To Scheme, or Not to Scheme (2009) - gnosis
https://dekudekuplex.wordpress.com/2009/10/23/to-scheme-or-not-to-scheme-scheming-schemers-and-non-scheming-schemers-or-keeping-the-fun-in-scheme/

======
tikhonj
I went through a _wonderful_ course based on SICP and really loved. Partly, no
doubt, this was due to my professor (Brian Harvey) who was a brilliant
lecturer and very good at designing the course. However, largely, this was due
to the textbook, the material and the language.

I think Scheme's fundamental advantage over Python is simplicity. There is,
essentially, no syntax. Even the fundamental language features are not
accorded any especial syntactic status. This makes it clear that the course is
about _computation_ rather than any particular facet of it.

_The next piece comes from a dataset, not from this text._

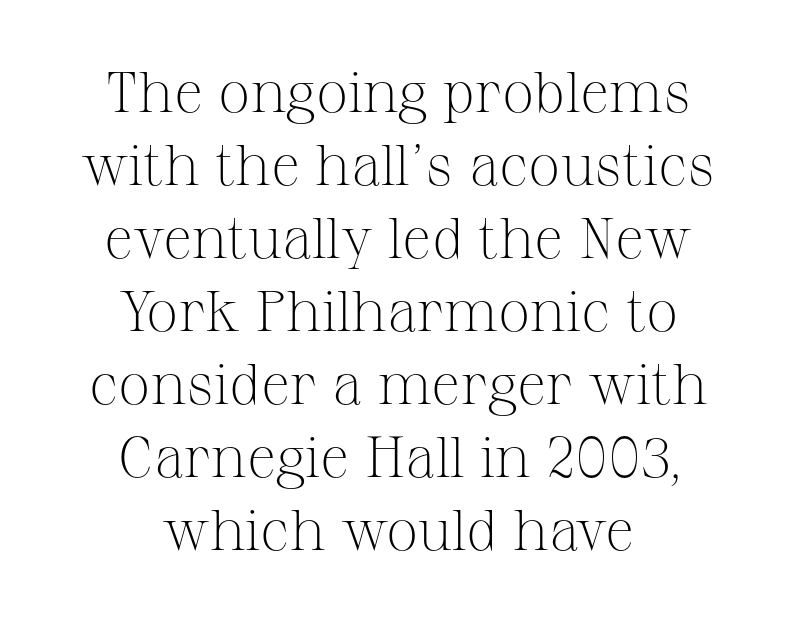
{"serif": "yes", "italic": "no", "bold": "no", "weight": "light", "width": "normal", "stroke_contrast": "medium", "x_height": "medium", "monospaced": "no", "underline": "no", "align": "center", "line_spacing": "normal", "line_spacing_ratio": 1.28, "letter_spacing": "normal", "letter_spacing_em": 0.0, "glyph_px": 57}
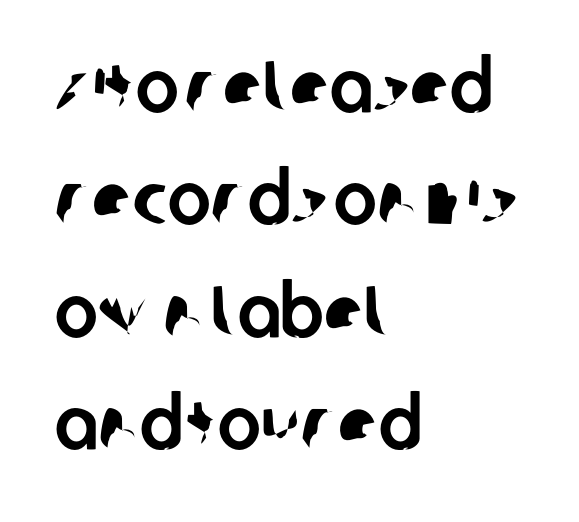
Letter spacing: default. The lines in this sample share a left origin and differ only in where they stop. Does the leading feel generous? No, just average. Underline: absent. The passage shown is typed in a proportional face where columns would drift.

Moreover, Scheme is truly paradigm. Language like Python and Java are
staunchly imperative--they might pay lip service to functional programming,
but it's clearly an afterthought. Things like loops and assignment are deeply
embedded into those languages.

Scheme, on the other hand, is just as happy with procedural code as with
functional code. Moreover, it introduces OOP not as a built-in language
feature but as a set of useful patterns. This really helps broaden students'
perspectives. You can even reuse exactly the same syntax for non-deterministic
and logic programming.

------
agentultra
I've found that I've really enjoyed the Little Schemer series quite a bit. I
do have SICP which is a great college-level text but for a pure-introductory
book for someone who is completely new to programming I would suggest Little
Schemer.

Either way, SICP or Little Schemer aim to teach a theory of computation. The
unit of computation is recursion and they go to show just how powerful it is.
I think the fun stems from learning the theory and allowing your mind to toy
with the applications of it.

Conversely, HtDP is first and foremost practical. I find it boring precisely
because its goal is to show you _how to design computer programs_. There's
little creativity involved!

------
jamesjporter
I agree with HtDP being not great. I took a majors level intro to CS class
last quarter; HtDP was the text and I found it spectacularly unhelpful.